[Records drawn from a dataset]
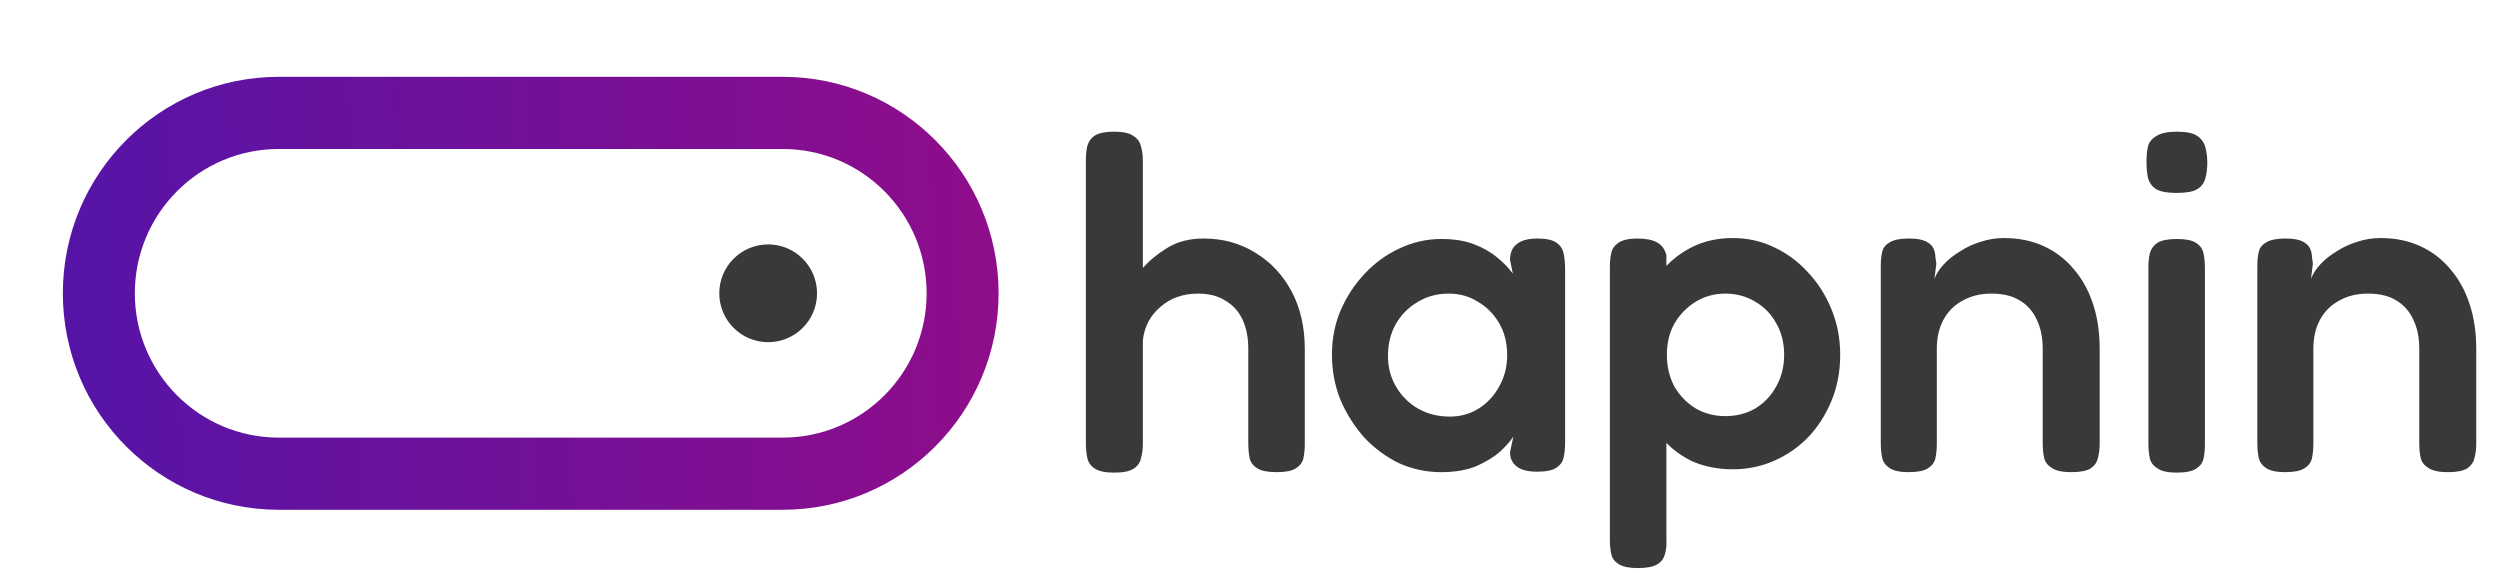 <svg width="179" height="41" viewBox="0 0 179 41" fill="none" xmlns="http://www.w3.org/2000/svg">
<path fill-rule="evenodd" clip-rule="evenodd" d="M56.038 10.667H19.962C14.269 10.667 9.654 15.293 9.654 21C9.654 26.707 14.269 31.333 19.962 31.333H56.038C61.731 31.333 66.346 26.707 66.346 21C66.346 15.293 61.731 10.667 56.038 10.667ZM19.962 5.5C11.422 5.5 4.5 12.44 4.5 21C4.5 29.56 11.422 36.5 19.962 36.5H56.038C64.578 36.5 71.5 29.56 71.5 21C71.5 12.44 64.578 5.5 56.038 5.5H19.962Z" fill="url(#paint0_linear_1924_6703)"/>
<path d="M58.5 21C58.5 22.933 56.933 24.5 55 24.5C53.067 24.5 51.5 22.933 51.5 21C51.5 19.067 53.067 17.5 55 17.5C56.933 17.5 58.5 19.067 58.5 21Z" fill="#393939"/>
<path d="M79.755 33.84C79.121 33.84 78.656 33.738 78.361 33.534C78.089 33.353 77.919 33.103 77.851 32.786C77.783 32.469 77.749 32.129 77.749 31.766V11.468C77.749 11.083 77.783 10.743 77.851 10.448C77.942 10.131 78.123 9.881 78.395 9.7C78.69 9.519 79.155 9.428 79.789 9.428C80.424 9.428 80.877 9.53 81.149 9.734C81.444 9.915 81.625 10.165 81.693 10.482C81.784 10.777 81.829 11.117 81.829 11.502V19.186C82.283 18.665 82.861 18.189 83.563 17.758C84.289 17.305 85.161 17.078 86.181 17.078C87.564 17.078 88.799 17.418 89.887 18.098C90.975 18.755 91.837 19.673 92.471 20.852C93.106 22.031 93.423 23.413 93.423 25V31.8C93.423 32.163 93.389 32.503 93.321 32.82C93.253 33.115 93.072 33.353 92.777 33.534C92.505 33.715 92.052 33.806 91.417 33.806C90.783 33.806 90.318 33.715 90.023 33.534C89.729 33.353 89.547 33.115 89.479 32.82C89.411 32.503 89.377 32.14 89.377 31.732V24.966C89.377 24.173 89.241 23.481 88.969 22.892C88.697 22.303 88.289 21.849 87.745 21.532C87.224 21.192 86.567 21.022 85.773 21.022C84.708 21.022 83.813 21.339 83.087 21.974C82.362 22.586 81.943 23.379 81.829 24.354V31.8C81.829 32.163 81.784 32.503 81.693 32.82C81.625 33.137 81.444 33.387 81.149 33.568C80.877 33.749 80.413 33.84 79.755 33.84ZM110.055 33.772C109.397 33.772 108.91 33.647 108.593 33.398C108.275 33.149 108.117 32.809 108.117 32.378L108.355 31.256C108.173 31.551 107.867 31.902 107.437 32.31C107.006 32.695 106.439 33.047 105.737 33.364C105.034 33.659 104.184 33.806 103.187 33.806C102.121 33.806 101.113 33.591 100.161 33.16C99.231 32.707 98.404 32.095 97.679 31.324C96.976 30.531 96.409 29.635 95.979 28.638C95.571 27.618 95.367 26.53 95.367 25.374C95.367 24.263 95.571 23.221 95.979 22.246C96.409 21.249 96.987 20.365 97.713 19.594C98.438 18.823 99.265 18.223 100.195 17.792C101.147 17.339 102.144 17.112 103.187 17.112C104.116 17.112 104.898 17.237 105.533 17.486C106.19 17.735 106.745 18.053 107.199 18.438C107.652 18.801 108.026 19.186 108.321 19.594L108.117 18.608C108.117 18.109 108.275 17.735 108.593 17.486C108.91 17.214 109.409 17.078 110.089 17.078C110.723 17.078 111.177 17.18 111.449 17.384C111.721 17.565 111.891 17.826 111.959 18.166C112.027 18.483 112.061 18.846 112.061 19.254V31.698C112.061 32.083 112.027 32.435 111.959 32.752C111.891 33.069 111.709 33.319 111.415 33.5C111.143 33.681 110.689 33.772 110.055 33.772ZM103.799 29.828C104.569 29.828 105.261 29.635 105.873 29.25C106.485 28.865 106.972 28.343 107.335 27.686C107.72 27.006 107.913 26.258 107.913 25.442C107.913 24.558 107.72 23.787 107.335 23.13C106.949 22.473 106.439 21.963 105.805 21.6C105.193 21.215 104.501 21.022 103.731 21.022C102.892 21.022 102.144 21.226 101.487 21.634C100.829 22.019 100.308 22.552 99.923 23.232C99.56 23.889 99.379 24.637 99.379 25.476C99.379 26.292 99.571 27.029 99.957 27.686C100.342 28.343 100.863 28.865 101.521 29.25C102.201 29.635 102.96 29.828 103.799 29.828ZM124.074 33.602C122.963 33.602 121.966 33.398 121.082 32.99C120.221 32.559 119.484 31.97 118.872 31.222C118.283 30.451 117.829 29.567 117.512 28.57C117.217 27.573 117.07 26.496 117.07 25.34C117.093 24.184 117.263 23.107 117.58 22.11C117.897 21.09 118.351 20.206 118.94 19.458C119.552 18.71 120.289 18.121 121.15 17.69C122.011 17.259 122.986 17.044 124.074 17.044C125.117 17.044 126.091 17.259 126.998 17.69C127.927 18.121 128.743 18.721 129.446 19.492C130.171 20.263 130.738 21.158 131.146 22.178C131.554 23.175 131.758 24.252 131.758 25.408C131.758 26.587 131.554 27.675 131.146 28.672C130.738 29.669 130.183 30.542 129.48 31.29C128.777 32.015 127.961 32.582 127.032 32.99C126.103 33.398 125.117 33.602 124.074 33.602ZM117.274 40.674C116.662 40.674 116.209 40.583 115.914 40.402C115.619 40.221 115.438 39.983 115.37 39.688C115.302 39.393 115.268 39.053 115.268 38.668V19.118C115.268 18.733 115.302 18.393 115.37 18.098C115.438 17.803 115.608 17.565 115.88 17.384C116.175 17.18 116.628 17.078 117.24 17.078C117.829 17.078 118.294 17.169 118.634 17.35C118.974 17.531 119.201 17.837 119.314 18.268V38.634C119.337 39.019 119.303 39.359 119.212 39.654C119.144 39.971 118.963 40.221 118.668 40.402C118.373 40.583 117.909 40.674 117.274 40.674ZM123.53 29.794C124.323 29.794 125.037 29.613 125.672 29.25C126.307 28.865 126.805 28.343 127.168 27.686C127.553 27.006 127.746 26.247 127.746 25.408C127.746 24.547 127.553 23.787 127.168 23.13C126.805 22.473 126.307 21.963 125.672 21.6C125.037 21.215 124.323 21.022 123.53 21.022C122.759 21.022 122.057 21.215 121.422 21.6C120.787 21.985 120.277 22.507 119.892 23.164C119.529 23.799 119.348 24.547 119.348 25.408C119.348 26.247 119.529 27.006 119.892 27.686C120.277 28.343 120.787 28.865 121.422 29.25C122.057 29.613 122.759 29.794 123.53 29.794ZM136.636 33.806C136.024 33.806 135.571 33.704 135.276 33.5C135.004 33.319 134.834 33.081 134.766 32.786C134.698 32.469 134.664 32.117 134.664 31.732V19.016C134.664 18.653 134.698 18.325 134.766 18.03C134.834 17.735 135.016 17.509 135.31 17.35C135.605 17.169 136.058 17.078 136.67 17.078C137.214 17.078 137.622 17.146 137.894 17.282C138.166 17.418 138.348 17.588 138.438 17.792C138.529 17.996 138.574 18.2 138.574 18.404C138.597 18.608 138.62 18.767 138.642 18.88L138.506 19.968C138.642 19.605 138.869 19.254 139.186 18.914C139.504 18.574 139.889 18.268 140.342 17.996C140.796 17.701 141.283 17.475 141.804 17.316C142.348 17.135 142.904 17.044 143.47 17.044C144.536 17.044 145.488 17.237 146.326 17.622C147.165 18.007 147.879 18.551 148.468 19.254C149.08 19.957 149.545 20.795 149.862 21.77C150.18 22.722 150.338 23.799 150.338 25V31.766C150.338 32.151 150.293 32.503 150.202 32.82C150.134 33.115 149.964 33.353 149.692 33.534C149.42 33.715 148.956 33.806 148.298 33.806C147.664 33.806 147.199 33.704 146.904 33.5C146.61 33.319 146.428 33.081 146.36 32.786C146.292 32.469 146.258 32.117 146.258 31.732V24.966C146.258 24.15 146.111 23.447 145.816 22.858C145.544 22.269 145.136 21.815 144.592 21.498C144.071 21.181 143.402 21.022 142.586 21.022C141.793 21.022 141.102 21.192 140.512 21.532C139.923 21.849 139.47 22.303 139.152 22.892C138.835 23.481 138.676 24.173 138.676 24.966V31.766C138.676 32.151 138.642 32.503 138.574 32.82C138.506 33.115 138.325 33.353 138.03 33.534C137.758 33.715 137.294 33.806 136.636 33.806ZM155.832 33.84C155.22 33.84 154.766 33.738 154.472 33.534C154.177 33.353 153.996 33.115 153.928 32.82C153.86 32.503 153.826 32.151 153.826 31.766V19.118C153.826 18.755 153.86 18.427 153.928 18.132C154.018 17.815 154.2 17.565 154.472 17.384C154.766 17.203 155.231 17.112 155.866 17.112C156.5 17.112 156.954 17.203 157.226 17.384C157.52 17.565 157.702 17.815 157.77 18.132C157.838 18.449 157.872 18.801 157.872 19.186V31.8C157.872 32.185 157.838 32.537 157.77 32.854C157.702 33.149 157.52 33.387 157.226 33.568C156.954 33.749 156.489 33.84 155.832 33.84ZM155.832 13.814C155.174 13.814 154.687 13.723 154.37 13.542C154.075 13.338 153.882 13.066 153.792 12.726C153.724 12.386 153.69 12.012 153.69 11.604C153.69 11.173 153.724 10.799 153.792 10.482C153.882 10.165 154.086 9.915 154.404 9.734C154.721 9.53 155.208 9.428 155.866 9.428C156.546 9.428 157.033 9.53 157.328 9.734C157.622 9.938 157.815 10.21 157.906 10.55C157.996 10.867 158.042 11.241 158.042 11.672C158.042 12.057 157.996 12.42 157.906 12.76C157.815 13.1 157.622 13.361 157.328 13.542C157.033 13.723 156.534 13.814 155.832 13.814ZM163.597 33.806C162.985 33.806 162.532 33.704 162.237 33.5C161.965 33.319 161.795 33.081 161.727 32.786C161.659 32.469 161.625 32.117 161.625 31.732V19.016C161.625 18.653 161.659 18.325 161.727 18.03C161.795 17.735 161.977 17.509 162.271 17.35C162.566 17.169 163.019 17.078 163.631 17.078C164.175 17.078 164.583 17.146 164.855 17.282C165.127 17.418 165.309 17.588 165.399 17.792C165.49 17.996 165.535 18.2 165.535 18.404C165.558 18.608 165.581 18.767 165.603 18.88L165.467 19.968C165.603 19.605 165.83 19.254 166.147 18.914C166.465 18.574 166.85 18.268 167.303 17.996C167.757 17.701 168.244 17.475 168.765 17.316C169.309 17.135 169.865 17.044 170.431 17.044C171.497 17.044 172.449 17.237 173.287 17.622C174.126 18.007 174.84 18.551 175.429 19.254C176.041 19.957 176.506 20.795 176.823 21.77C177.141 22.722 177.299 23.799 177.299 25V31.766C177.299 32.151 177.254 32.503 177.163 32.82C177.095 33.115 176.925 33.353 176.653 33.534C176.381 33.715 175.917 33.806 175.259 33.806C174.625 33.806 174.16 33.704 173.865 33.5C173.571 33.319 173.389 33.081 173.321 32.786C173.253 32.469 173.219 32.117 173.219 31.732V24.966C173.219 24.15 173.072 23.447 172.777 22.858C172.505 22.269 172.097 21.815 171.553 21.498C171.032 21.181 170.363 21.022 169.547 21.022C168.754 21.022 168.063 21.192 167.473 21.532C166.884 21.849 166.431 22.303 166.113 22.892C165.796 23.481 165.637 24.173 165.637 24.966V31.766C165.637 32.151 165.603 32.503 165.535 32.82C165.467 33.115 165.286 33.353 164.991 33.534C164.719 33.715 164.255 33.806 163.597 33.806Z" fill="#393939"/>
<defs>
<linearGradient id="paint0_linear_1924_6703" x1="71.112" y1="8.083" x2="3.757" y2="10.327" gradientUnits="userSpaceOnUse">
<stop stop-color="#8F0D8A"/>
<stop offset="1" stop-color="#5514A7"/>
</linearGradient>
</defs>
</svg>

## Activity
What is needed is an exact copy of the lines from the beginning of the data through the line containing "10.667H19.962C14.269 10.667 9.654", both included, without any pictures.

## Response to the exercise
 <svg width="179" height="41" viewBox="0 0 179 41" fill="none" xmlns="http://www.w3.org/2000/svg">
<path fill-rule="evenodd" clip-rule="evenodd" d="M56.038 10.667H19.962C14.269 10.667 9.654 15.293 9.654 21C9.654 26.707 14.269 31.333 19.962 31.333H56.038C61.731 31.333 66.346 26.707 66.346 21C66.346 15.293 61.731 10.667 56.038 10.667ZM19.962 5.5C11.422 5.5 4.5 12.44 4.5 21C4.5 29.56 11.422 36.5 19.962 36.5H56.038C64.578 36.5 71.5 29.56 71.5 21C71.5 12.44 64.578 5.5 56.038 5.5H19.962Z" fill="url(#paint0_linear_1924_6703)"/>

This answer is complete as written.